Experts emphasize that the top priority for improving productivity should be the "reallocation of resources to new industries." This includes the service industry. They suggest that, in competition with already advanced powers such as the United States and China in new industries, Korea should focus on targeting niche markets. In addition, they stress the need to move away from research and development (R&D) that only increases investment costs, and instead enhance corporate productivity through high-quality outcomes. To achieve this, it is necessary to foster high-level talent and reform the compensation system to focus on performance.


Growth Limits with the Existing Industrial Structure... "Support for New Industries Must Exceed That of Competitors"
[The Plummeting Korean Economy, Solutions]②Industrial Structural Reform Is Urgent..."For 'Real Growth,' Start with an Innovation Industry Roadmap"

On June 25, experts from various fields, including industrial and economic research institutes and academia, agreed in a survey that there are limits to growth with the current industrial structure as the main industries have entered a mature phase.


The Korean economy achieved rapid growth in the past, centered on five major industries: steel, petrochemicals, automobiles, shipbuilding, and semiconductors.
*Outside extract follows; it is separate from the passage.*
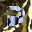
Label: 2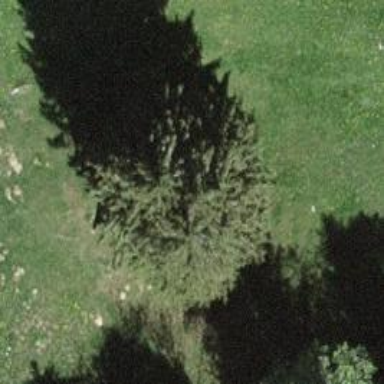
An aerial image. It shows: Beautiful tree in nature.

However, all of these sectors are now losing competitiveness as their global market share declines. While falling behind China’s volume offensive is one reason, these industries have also entered the maturity or decline stage of their cycles. For sectors in the mature phase, no matter how much labor and investment are increased, the potential for productivity improvement is limited.


The problem is that the restructuring of core industries was not carried out in time, and as a result, new industries to fill the growth gap have not been fostered. According to the Korea Chamber of Commerce and Industry’s Sustainable Growth Initiative (SGI), Korea’s top 10 export items have remained unchanged for 20 years. This is why experts are calling for a reallocation of capital and labor resources to new industries.


Experts point out that for the government to achieve "real growth," it is most important to change the atmosphere through generous support. Kim Jeongsik, Professor Emeritus of Economics at Yonsei University, said, "To foster new industries, the government must reestablish its policy of building the nation through science and technology," and added, "The government should restructure scientific research institutes to match the new industrial structure, and increase fiscal, tax, and financial support for new industries."


Park Yangsoo, head of SGI at the Korea Chamber of Commerce and Industry, also stressed, "The principle should be to provide support that exceeds that of competing nations, in terms of fiscal support and regulatory easing." Lee Jeongdong, Professor at the Graduate School of Engineering Practice at Seoul National University, said, "The top priority should be to support attempts at new industries," and suggested, "We need to build infrastructure hubs where ideas can be scaled up by industry and region, and reform the financial system so that funds can be supplied for innovation."


Advancing the service industry is also an essential task. Kwon Namhoon, President of the Korea Institute for Industrial Economics and Trade, said, "Without improving productivity in the service sector, it will be difficult to achieve growth, resolve imbalances, or create quality jobs," and added, "The most effective strategy is to ease regulations and help the sector break free from small-scale operations."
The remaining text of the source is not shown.